As Yashim led him to the valide’s room, Sevi stayed him with his hand. “The mind?”
“Wandering,” Yashim explained. “It has been like this for—” He screwed up his eyes, casting back. “A month, maybe more. Now, I think, she spends more time at home—her childhood home.”
Sevi nodded. “Perhaps she had a very happy childhood. Can she walk?”
“I haven’t seen her walk in weeks.”
“Then why not a visit to her childhood home? It’s easier on the feet.”
He came without a bag, or instruments of any kind. He knelt by the divan and took the valide’s hand in his own. After a while he peered more closely at her fingers.
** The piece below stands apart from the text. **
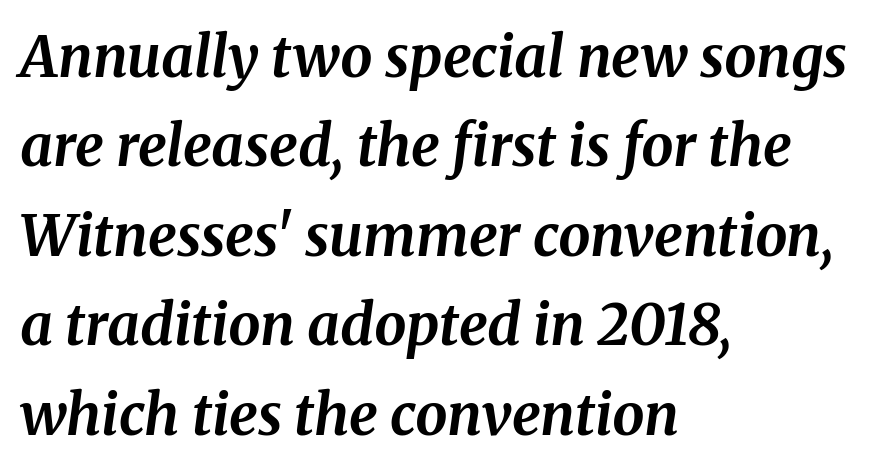
It's the slanting kind of type. Bare-footed words on every line. Whoever set this chose a conventional vertical rhythm. A dark, heavy texture on the line: the type is bold.

Yashim felt a twinge of doubt. In Sevi’s day, the doctor often examined a woman through a curtain. Childbirth, disease, all manner of conditions had to be treated by the doctor without actually touching, or even inspecting, the woman’s body; it was the tradition, it maintained propriety.
“Modern medicine,” Inalcik had remarked, as he clipped open his bag and retrieved his stethoscope, “goes rather deeper to the sources and the causes of discomfort and illness.”
The old Jew remained on his knees for some time, watching the valide’s face, absently rubbing her hand in his.
He seemed to have gone into some sort of dream. Yashim gave a discreet cough and the old man sighed.
He unfolded slowly, and stood up.
“Poison?” Yashim asked.
Sabbatai Sevi looked at him sadly. “Poison? No. The valide sultan,” he added gravely, “is extremely thirsty.”